Almost all the static site has rendered now and is once again available at http://www.www.jarretthousenorth.com. Notable exceptions, all from 2003: the end of September (being rendered now) through October. Also missing until I upload it again: my genealogy records and some miscellaneous pictures from other old parts of the site.

A great dinner tonight, a minestrone with meatballs, with a Chianti Riserva from 2000 that was mellow but lively. As are the dogs, who are taken with the new digs here in New Jersey and, after a day, have settled back into their routines.
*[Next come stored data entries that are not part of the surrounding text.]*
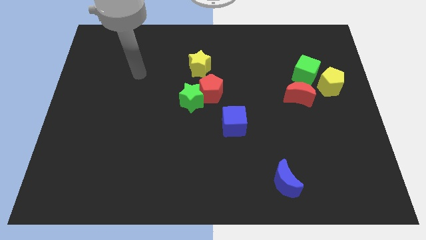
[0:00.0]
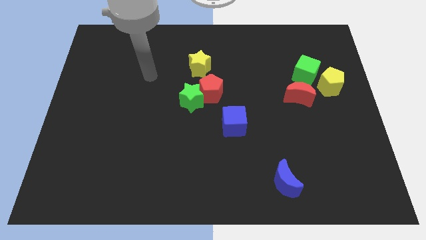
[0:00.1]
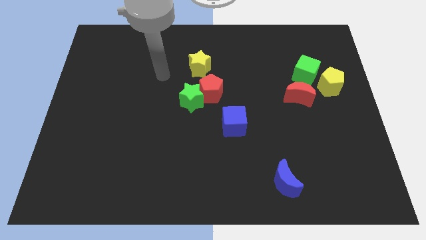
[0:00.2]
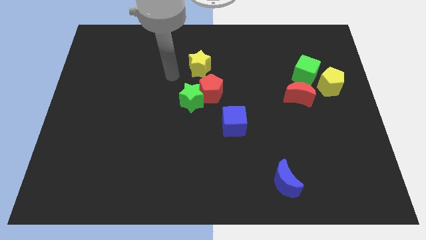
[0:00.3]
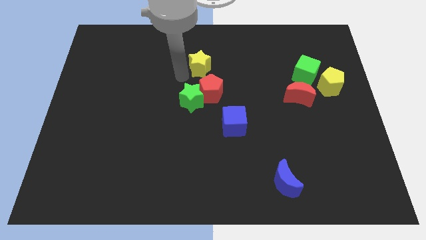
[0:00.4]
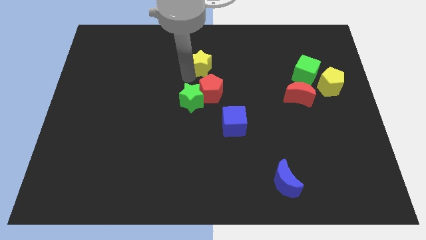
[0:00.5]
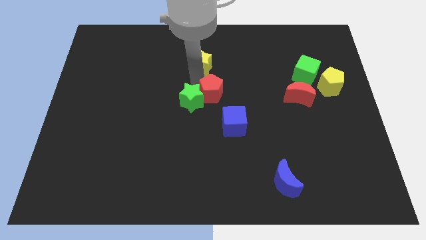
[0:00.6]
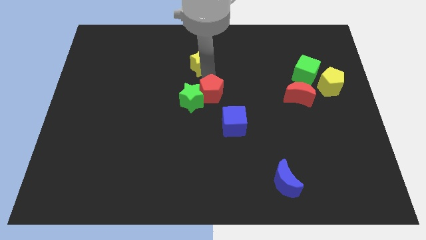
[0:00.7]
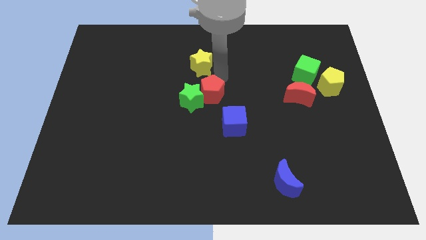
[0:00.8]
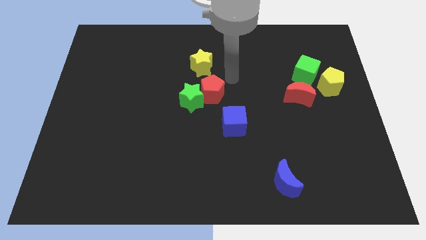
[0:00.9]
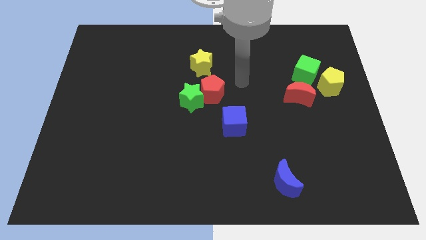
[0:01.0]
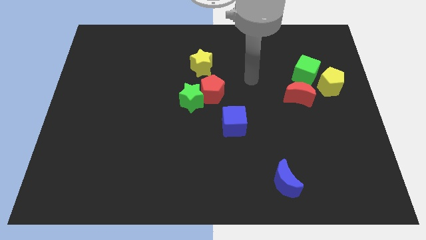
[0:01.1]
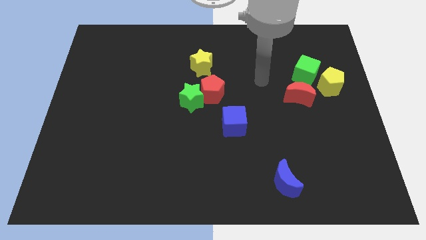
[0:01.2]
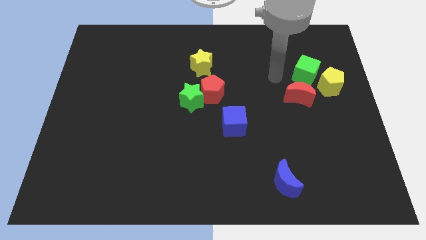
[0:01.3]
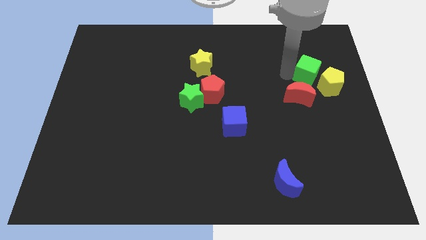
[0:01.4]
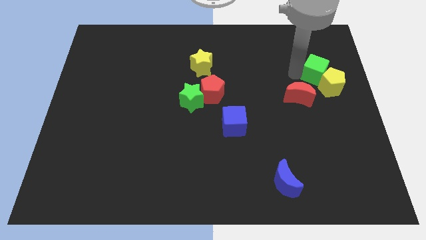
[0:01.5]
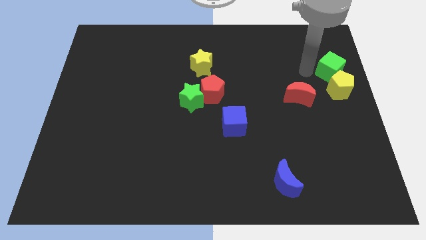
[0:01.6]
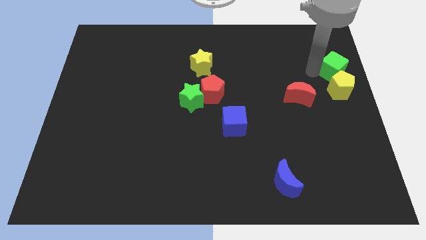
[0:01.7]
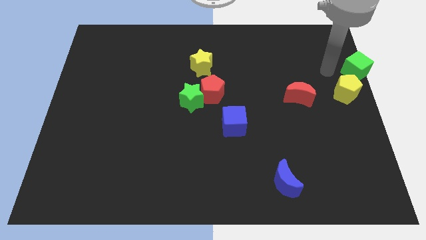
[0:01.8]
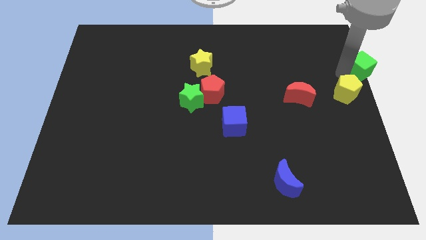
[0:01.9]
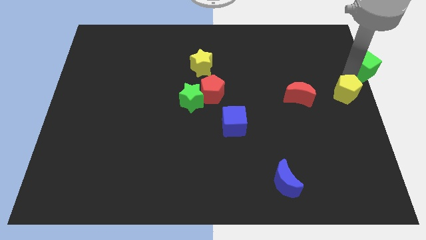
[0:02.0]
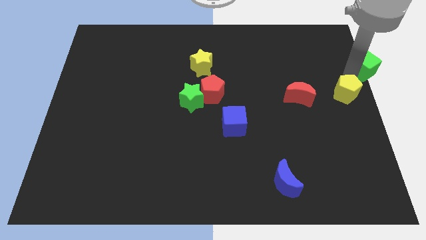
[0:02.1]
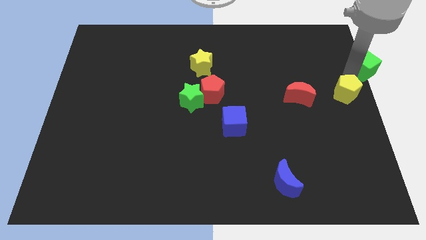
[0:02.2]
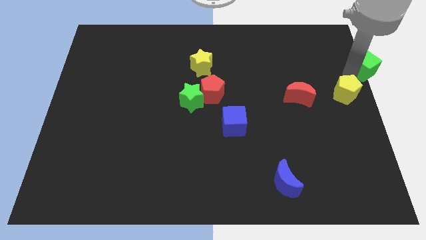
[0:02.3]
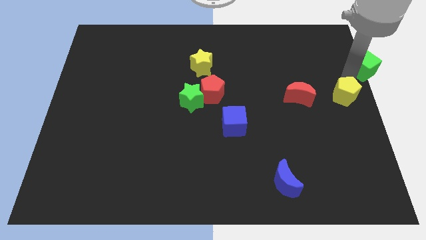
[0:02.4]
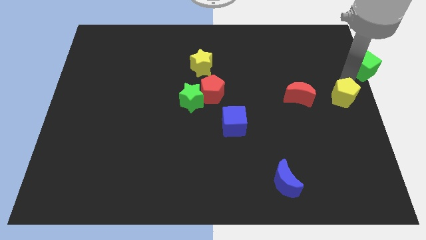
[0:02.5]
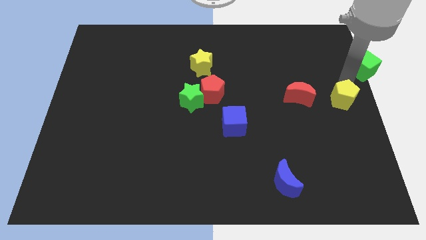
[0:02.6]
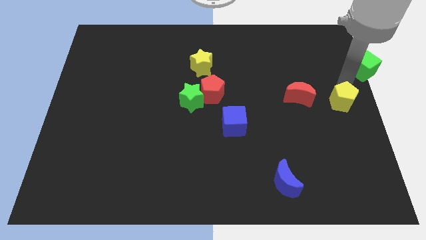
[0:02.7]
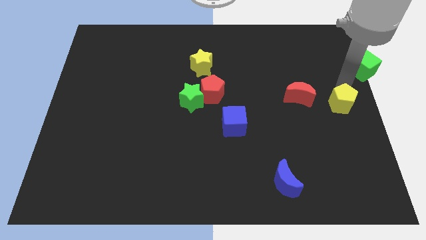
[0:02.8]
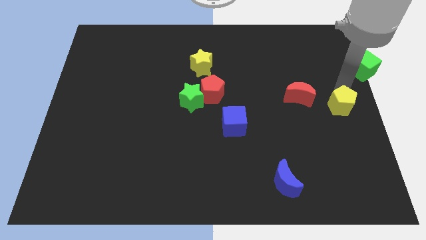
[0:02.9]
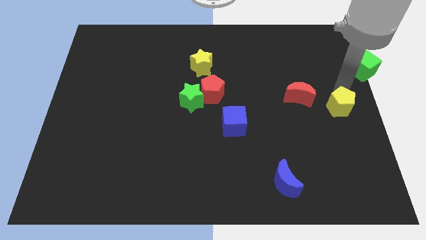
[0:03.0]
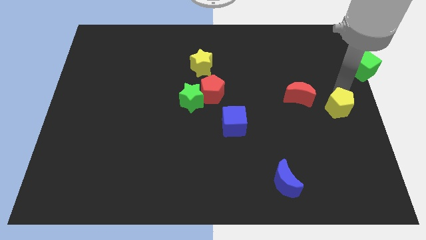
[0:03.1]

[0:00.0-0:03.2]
slightly slide the yellow pentagon down

Lights slowly coming back on

It looks like the outage that has plagued my site over the last week is slowly clearing up. I have the ability to render pages to the static site on a one by one basis, so the front page has been posted. However, for some reason, I don’t seem to be able to execute Manila’s “render this site” command. Maybe I’ll try another time when traffic is lower. The bottom line is, while the site is coming back, there are still going to be a lot of broken links for a while.

Still out

A quick update on the outages. It looks like a number of Weblogger hosted sites are similarly affected, including weblogger.com. If you’re reading this RSS feed, my discussion site at http://discuss.www.jarretthousenorth.com will at least let you read the text; my static site at http://www.www.jarretthousenorth.com appears to be completely down. No word yet as to the cause of the outage.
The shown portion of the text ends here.